Find the line containing "LaTeX: q\approx 3/4" in the records below. Copy exactly that line and each one after it, ending at the line containing "1975 | 1.09e+07 |", and nothing more.
────────────────────
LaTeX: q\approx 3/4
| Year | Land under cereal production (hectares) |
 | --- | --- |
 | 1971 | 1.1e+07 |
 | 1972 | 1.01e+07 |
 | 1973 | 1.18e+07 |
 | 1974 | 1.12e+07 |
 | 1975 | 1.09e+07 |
────────────────────
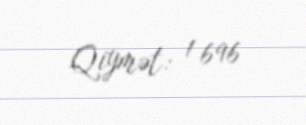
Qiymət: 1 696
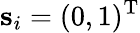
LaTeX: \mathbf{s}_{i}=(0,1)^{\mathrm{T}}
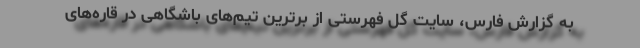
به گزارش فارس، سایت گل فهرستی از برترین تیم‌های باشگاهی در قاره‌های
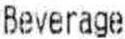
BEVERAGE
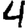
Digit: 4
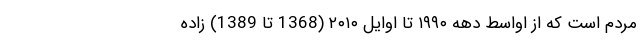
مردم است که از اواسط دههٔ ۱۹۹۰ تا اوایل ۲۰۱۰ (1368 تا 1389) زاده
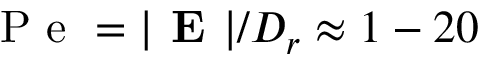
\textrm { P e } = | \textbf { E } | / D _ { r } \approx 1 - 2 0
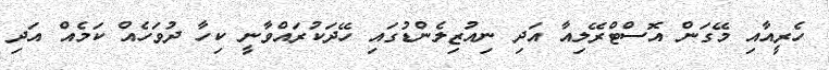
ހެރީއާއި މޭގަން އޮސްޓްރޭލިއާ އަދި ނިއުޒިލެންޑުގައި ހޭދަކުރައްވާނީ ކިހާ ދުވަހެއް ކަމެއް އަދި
────────────────────
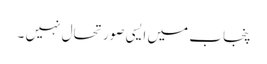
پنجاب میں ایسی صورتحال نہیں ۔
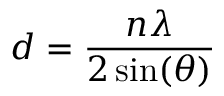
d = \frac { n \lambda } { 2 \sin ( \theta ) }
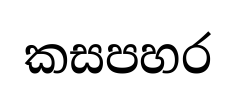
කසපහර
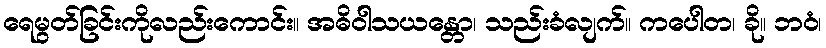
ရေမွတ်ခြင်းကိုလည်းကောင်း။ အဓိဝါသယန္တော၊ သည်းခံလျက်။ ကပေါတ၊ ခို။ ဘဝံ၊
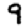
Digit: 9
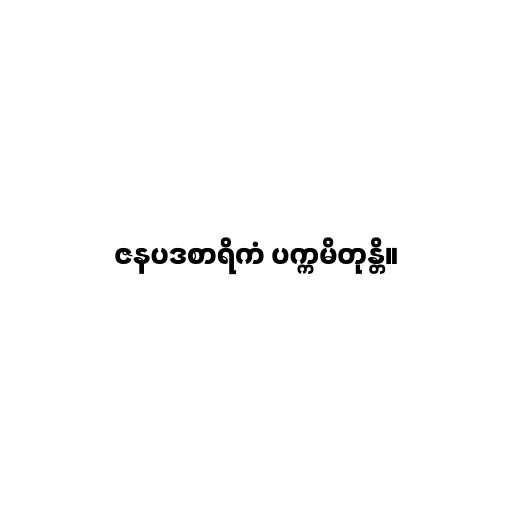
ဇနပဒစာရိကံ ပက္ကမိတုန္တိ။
────────────────────
> ANSWER FOR THIS EXERCISE
LaTeX: q\approx 3/4
| Year | Land under cereal production (hectares) |
 | --- | --- |
 | 1971 | 1.1e+07 |
 | 1972 | 1.01e+07 |
 | 1973 | 1.18e+07 |
 | 1974 | 1.12e+07 |
 | 1975 | 1.09e+07 |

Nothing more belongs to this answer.